Los mosaicos romanos tenían finalidades supersticiosas y religiosas

Cuando analizamos una obra de arte antigua, es fácil caer en el error de analizarla desde el momento actual, centrándose en su naturaleza artística sin caer en la cuenta de que, en realidad, lo que ahora nosotros vemos como objetos artísticos antiguos eran en realidad objetos funcionales que se realizaban atendiendo bien a necesidades materiales bien a la pura supestición, la magia la religión de la época.

UC3M/DICYT Ahuyentar la mala suerte, el mal de ojo y, en suma, a los envidiosos. Ese era uno de los cometidos de los mosaicos en la Antigua Roma, según una investigación coordinada por la Universidad Carlos III de Madrid (UC3M) que analiza los rituales y prácticas mágicas en estas representaciones artísticas.

Las fuentes literarias antiguas y los datos proporcionados por la arqueología ofrecen mucha información acerca de las creencias religiosas de los romanos, como sus rituales y prácticas mágicas o funerarias. “Con esta investigación pretendíamos conocer cómo se representan estas creencias en los mosaicos romanos de todo el Imperio”, indica la profesora de Historia Antigua de la UC3M, Luz Neira, coordinadora del equipo de doce investigadores que acaba de publicar sus conclusiones en el libro Religiosidad, rituales y prácticas mágicas en los mosaicos romanos (CVG, 2014).
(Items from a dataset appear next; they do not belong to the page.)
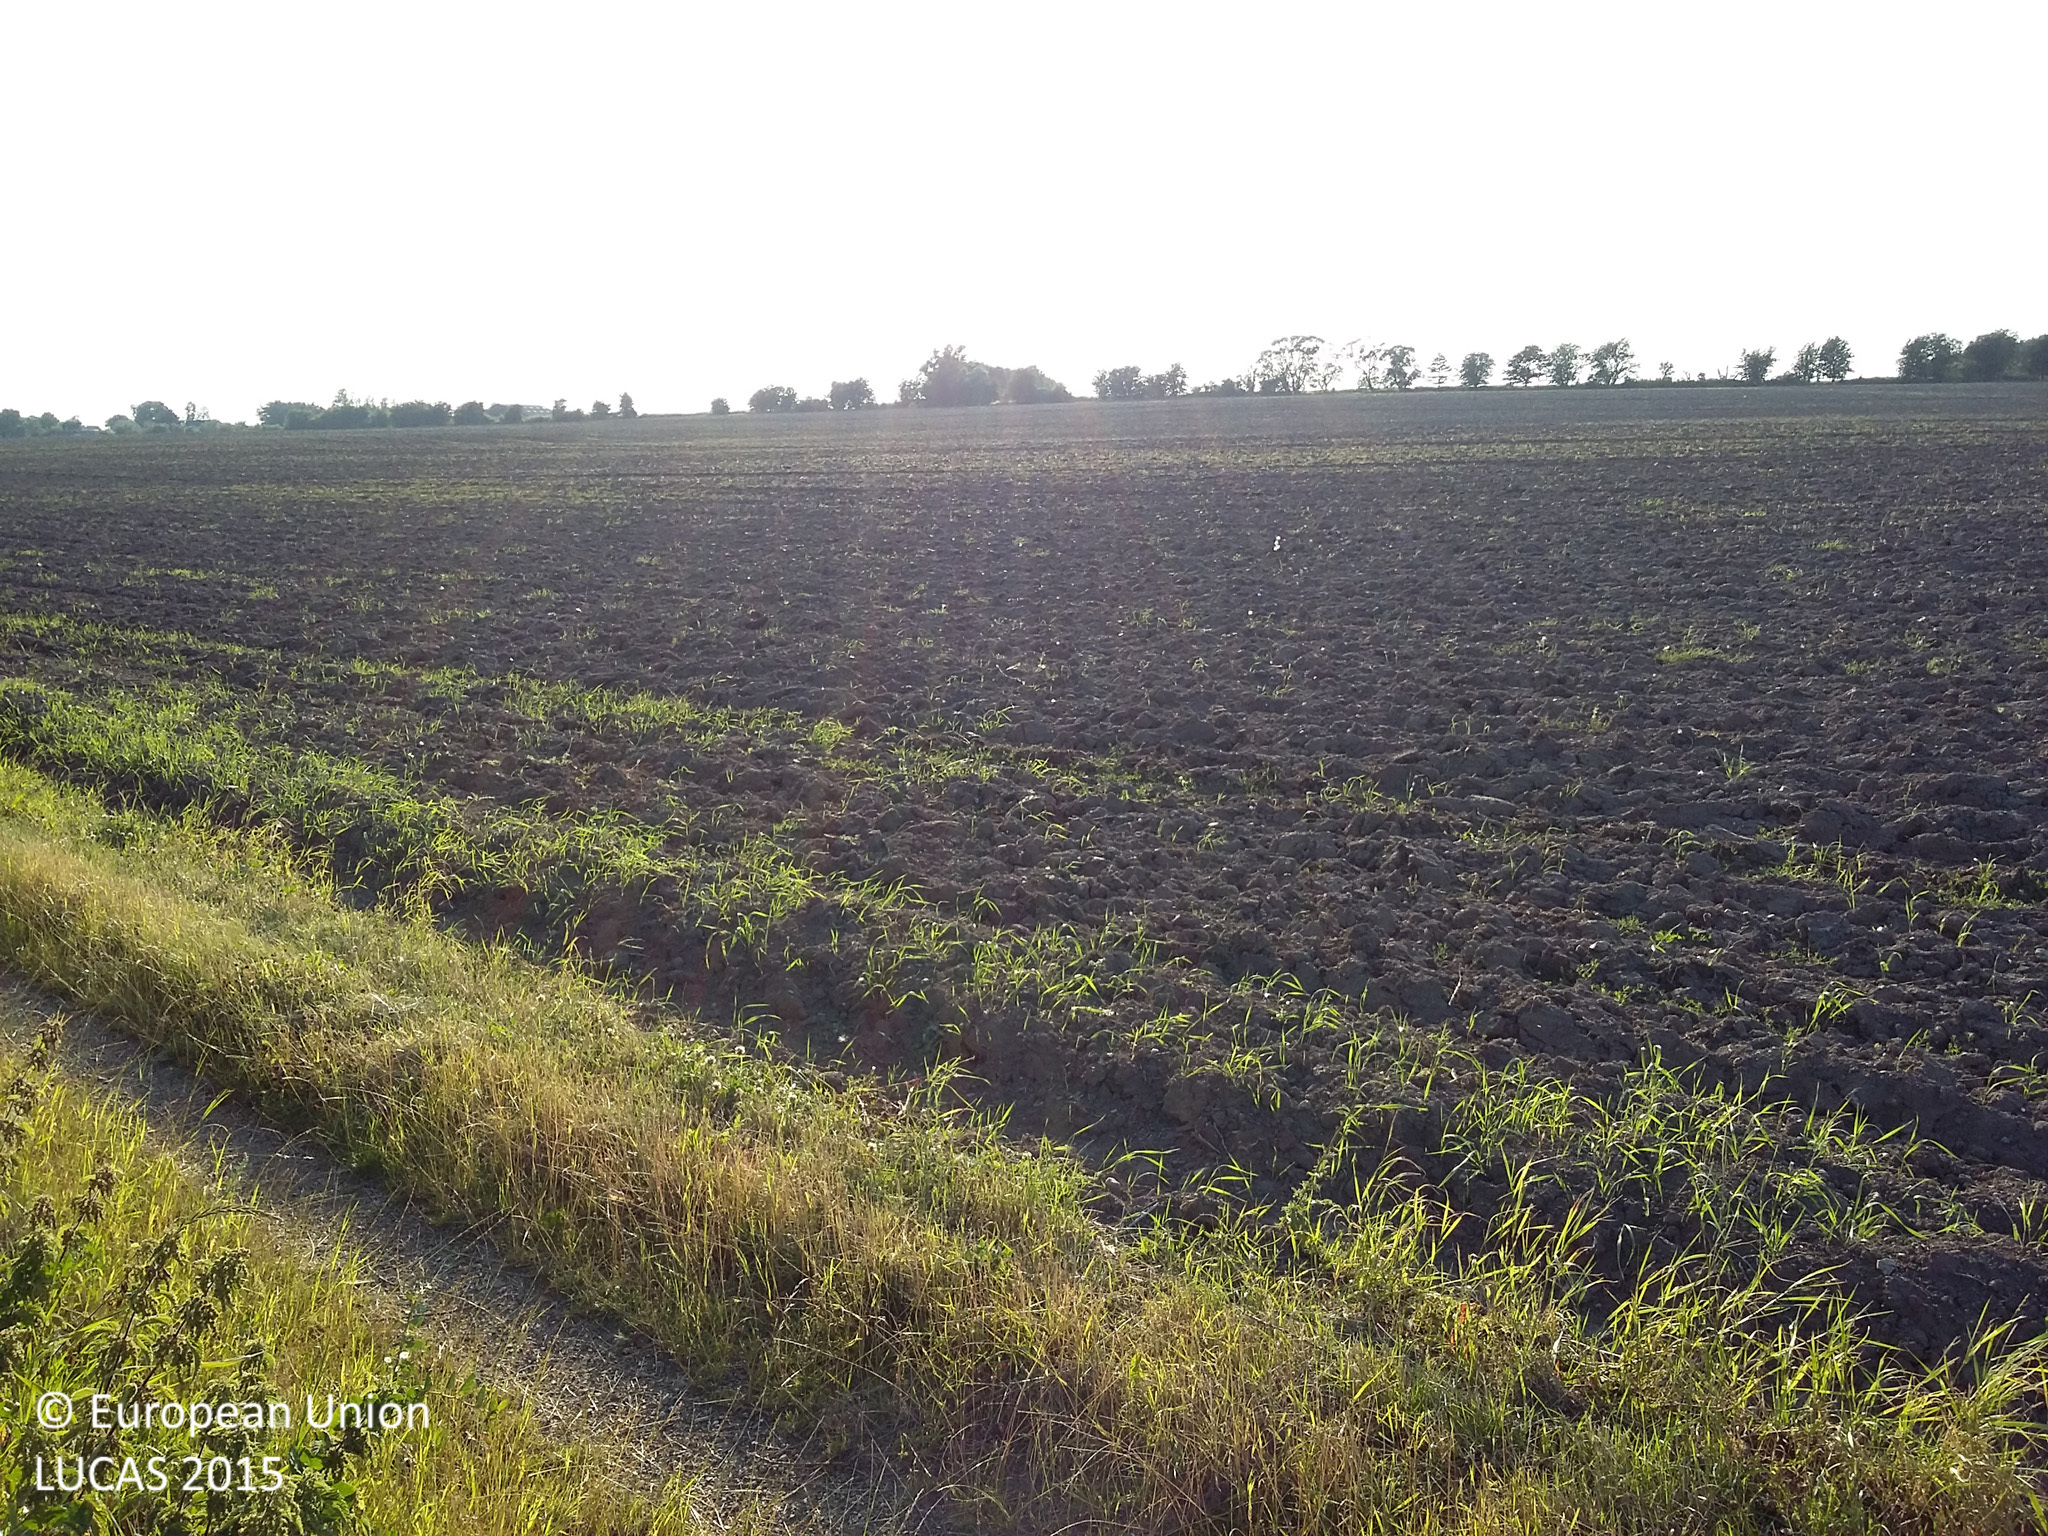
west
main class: Woodland
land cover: Broadleaved woodland
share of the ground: 25 - 50 %
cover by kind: herbaceous plants 60 %, broadleaved forest trees 40 %
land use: Agriculture (excluding fallow land and kitchen gardens)
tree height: > 5 m
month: August
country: DK
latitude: 55.6294
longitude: 12.2059

Los mosaicos no son solo una obra de arte, sino también una fuente documental de primera magnitud para el estudio de la historia, destacan los investigadores. Su análisis revela la visión que los ciudadanos más poderosos tenían sobre estos temas, ya que eran las élites, principalmente, quienes los encargaban para sus entornos domésticos y privados. “Las representaciones más habituales versan sobre el matrimonio, los sacrificios (el acto ritual de religiosidad por antonomasia), o escenas contra el mal del ojo y que intentan proteger contra la envidia”, explica la profesora Neira.

Este tipo de mosaicos tenía un efecto apotropaico, es decir, eran una especie de mecanismo de defensa en la superstición romana para alejar los malos espíritus. Para protegerse del mal de ojo, por ejemplo, recurrían a la representación del ojo atravesado por una lanza y rodeado de animales, en algunos casos con inscripciones. Para disuadir a los envidiosos, en los vestíbulos de las casas se situaban imágenes de personajes de la mitología con falos prominentes o escenas que los ahuyentaran, como un mosaico en la isla de Cefalonia donde aparece representado el envidioso como alguien que está retorciéndose y estrangulándose a sí mismo por la envidia que le produce la casa que está contemplando.